We claim that the only solutions \((x,y,z)\in \mathbb N\) with \(x\le y\le z\) are \((1,3,8)\text{,}\) \((1,4,5)\text{,}\) and \((2,2,3)\text{.}\)

Proof.

We can assume \(0\lt x\leq y\leq z\text{.}\) We see that the biggest factor \(1+\frac1x\) is at least \(\sqrt[3]3\text{,}\) which implies \(x\leq 2\text{,}\) so \(x=1\) or \(2\text{.}\)

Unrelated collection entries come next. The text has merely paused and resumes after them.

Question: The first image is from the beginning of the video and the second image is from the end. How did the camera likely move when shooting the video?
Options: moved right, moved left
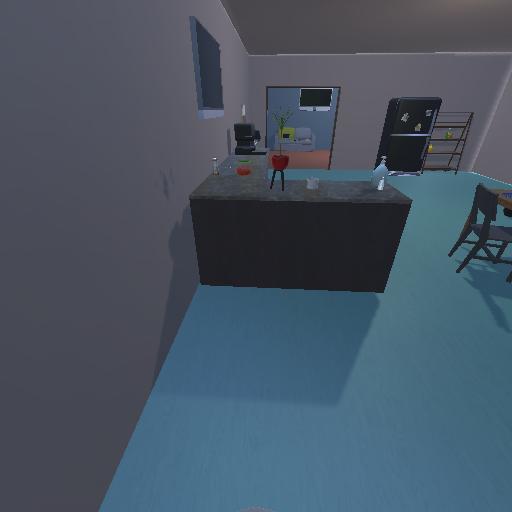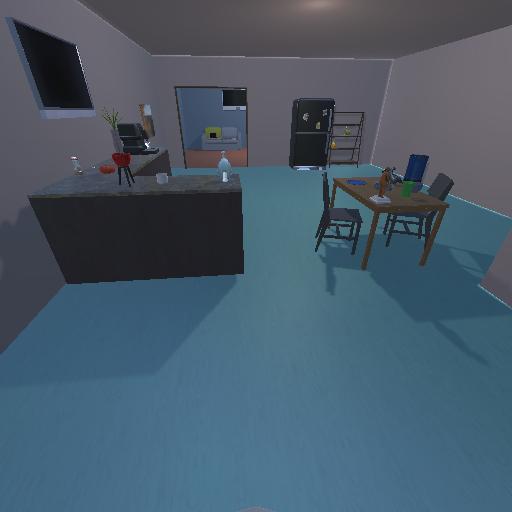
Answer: moved right
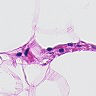
Metastatic tissue present: no
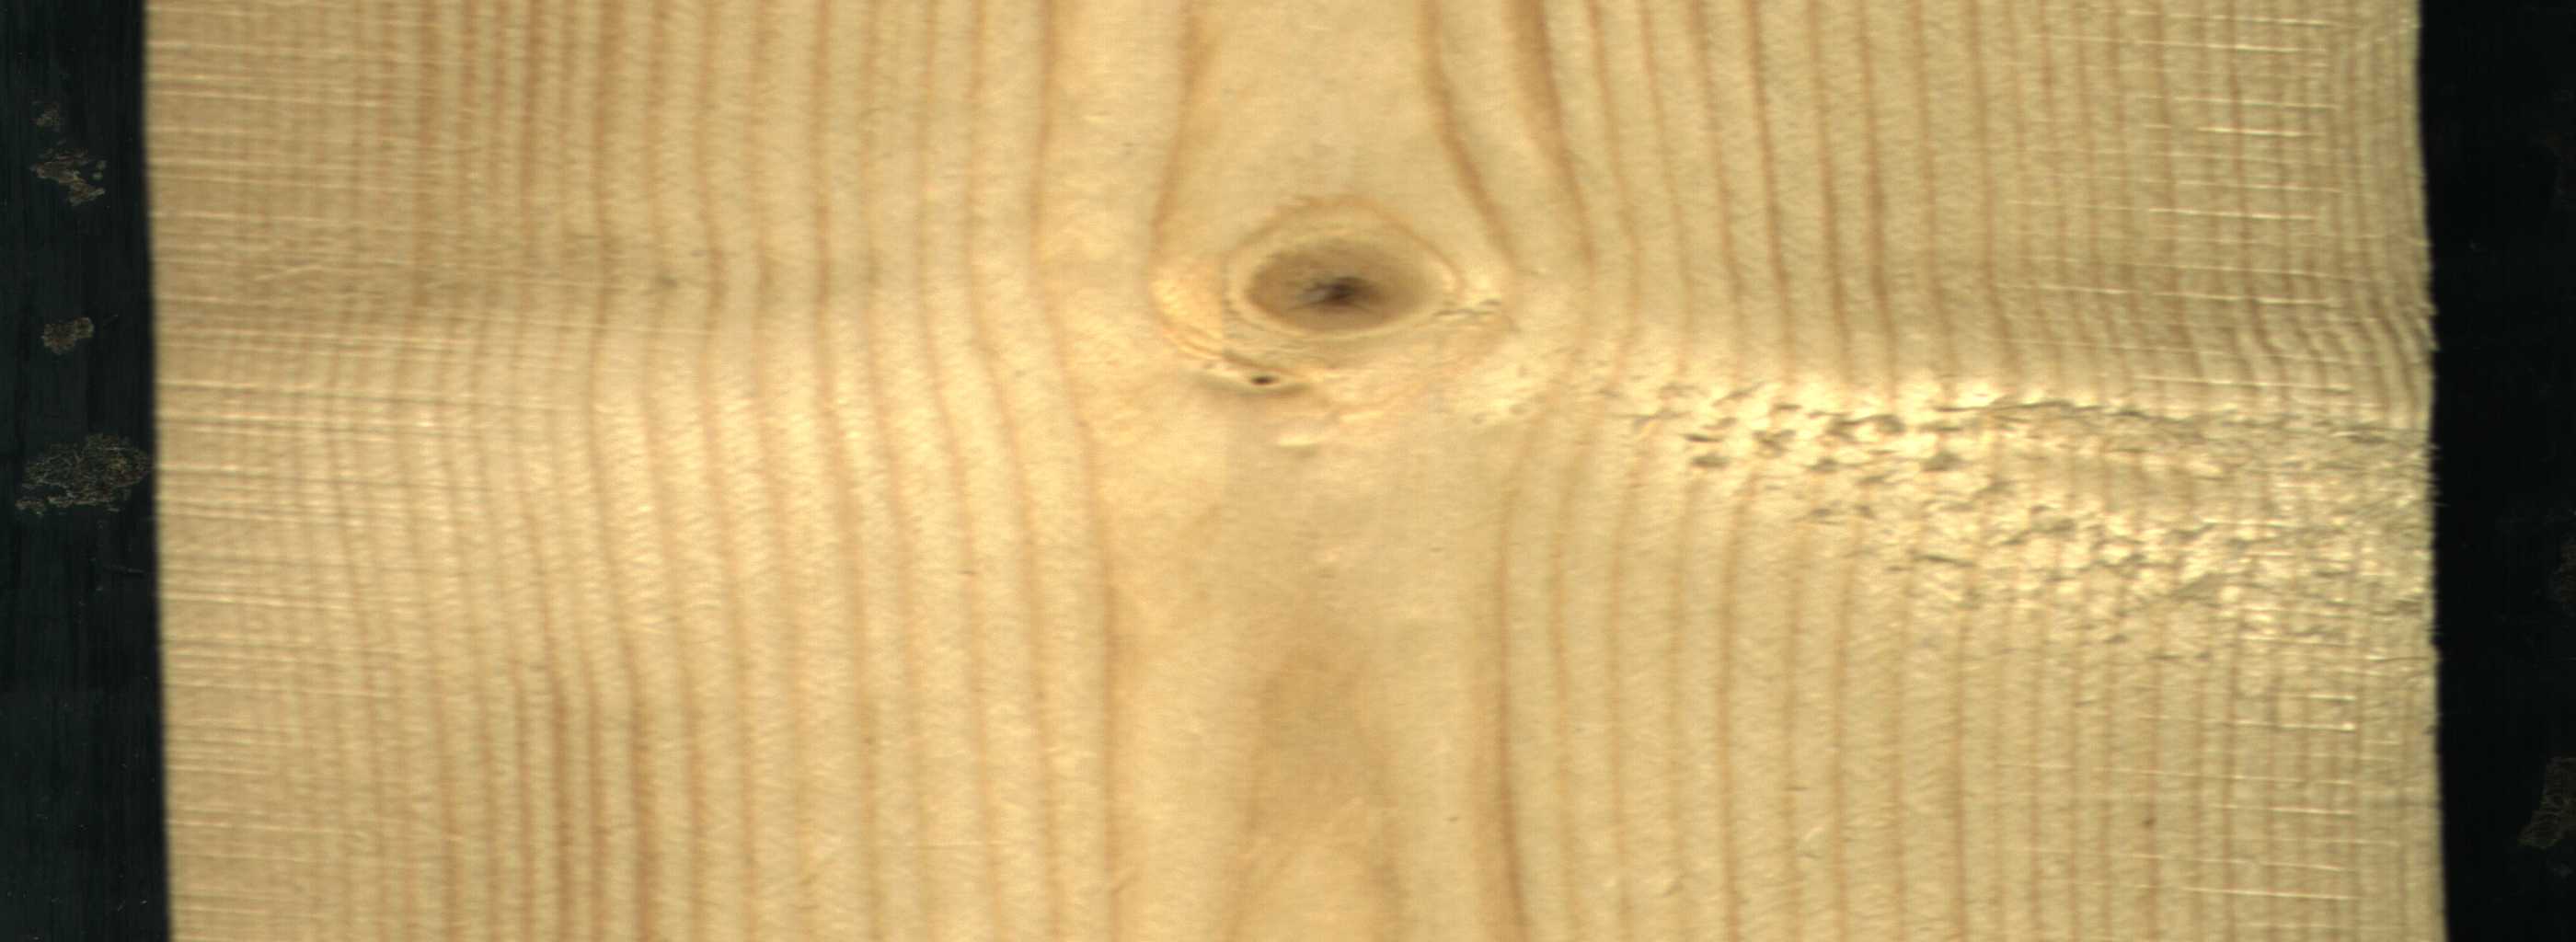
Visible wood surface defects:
Live_Knot

Case 1: \(x=1\text{.}\) Then the equation becomes

\begin{equation*} \left(1+\frac1y\right)\left(1+\frac1z\right)=\frac32 \end{equation*}

and so \(1+\frac1y\geq\sqrt{\frac32}\text{,}\) i.e. \(y\leq 4\text{.}\) Thus the allowed cases \(y=3\) and \(y=4\) can be easily checked by hand: \(y=3\) leads to \(1+\frac1z = \frac98\text{,}\) i.e. \(z=8\text{,}\) whereas \(y=4\) leads to \(1+\frac1z = \frac{6}{5}\text{,}\) i.e. \(z=5\text{.}\)

Case 2: \(x=2\text{.}\) Then the equation becomes

\begin{equation*} \left(1+\frac1y\right)\left(1+\frac1z\right)=2 \end{equation*}

and we conclude \(1+\frac1y\ge\sqrt{2}\text{,}\) i.e. \(y\leq 2\) and together with \(y\geq x\) this means \(y=2\) and finally \(1+\frac1z=\frac43\text{,}\) i.e. \(z=3\text{.}\)